510(k) Data Aggregation

    K Number
    K241581
    Device Name
    Hemodialysis Catheter
    Manufacturer
    Haolang Medical USA Corporation
    Date Cleared
    2025-05-16

    (347 days)

    Product Code
    MSD
    Regulation Number
    876.5540
    Type
    Traditional
    Panel
    Gastroenterology/Urology
    Reference & Predicate Devices
    K130851,K202150,K203767
    Predicate For
    N/A
    AI/MLSaMDIVD (In Vitro Diagnostic)TherapeuticDiagnosticis PCCP AuthorizedThirdpartyExpeditedreview
    Intended Use
    • The Hemodialysis Catheter is indicated for use in attaining short-term or long-term vascular access for Hemodialysis therapy and apheresis.
    • It may be inserted percutaneously and is primarily placed in the internal jugular vein of an patient.
    • Alternate insertion sites include subclavian vein as required.
    • Catheters greater than 40 cm are intended for femoral vein insertion.
    • The curved Hemodialysis Catheter is intended for internal jugular vein insertion.
    • 8-10Fr Hemodialysis Catheters can be used in pediatric patients.
    Device Description

    The Hemodialysis Catheter is indicated for use in attaining vascular access for Hemodialysis and Apheresis therapy. The catheter tubing is made of radiopaque polyurethane with a dual D cross-sectional design, providing independent arterial and venous lumens. The proximal end of the catheter features two luer connectors. The luer connectors are connected to extension legs. The extension legs are made of silicone material. Each extension leg has a catheter clamp, which is durable and can effectively ensure timely closure of the extension leg. The lumen with the red catheter clamp, which is called arterial lumen, is used for blood outflow; The lumen with the blue catheter clamp, which is called venous lumen, is used for blood return. The arterial and venous lumen priming volumes are printed directly on the ID ring of the clamp. Catheters range from approximately 13-55 cm long and are offered in straight or curved catheter configurations with cuff for long-term implantation. The Hemodialysis Catheter is packaged in a tray with legally marketed accessories intended for use during catheter placement. The Hemodialysis Catheter Kit is provided sterile, single use.

    AI/ML Overview

    The provided FDA 510(k) clearance letter and associated documentation for the Hemodialysis Catheter (K241581) primarily detail the regulatory approval process, comparison to predicate devices, and non-clinical performance testing. It does not contain information about acceptance criteria for device performance based on clinical study data, nor does it describe a study that validates the device performance against such criteria in a clinical setting.

    The document specifically states: "Clinical test: Clinical testing is not required." This indicates that the clearance was based on non-clinical performance data and substantial equivalence to legally marketed predicate devices, not on direct clinical evidence of the device's performance in patients.

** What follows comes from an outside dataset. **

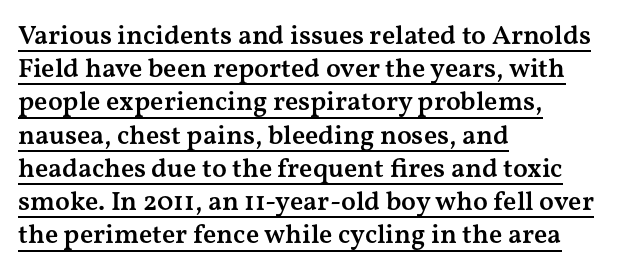
What stands out about the letter spacing? Nothing — it is the standard amount. The glyphs are accompanied by a horizontal stroke just below them. The lines are quadded left. No italicization has been applied; the sample stays upright.

    Therefore, I cannot provide the requested information regarding:

    • A table of acceptance criteria and reported device performance from a clinical study.
    • Sample sizes used for the test set and data provenance from a clinical study.
    • Number of experts used to establish ground truth and their qualifications from a clinical study.
    • Adjudication method for a clinical study.
    • Multi-reader multi-case (MRMC) comparative effectiveness study.
    • Standalone (algorithm only without human-in-the-loop performance) study.
    • Type of ground truth used in a clinical study.
    • Sample size for the training set from a clinical study.
    • How ground truth for the training set was established in a clinical study.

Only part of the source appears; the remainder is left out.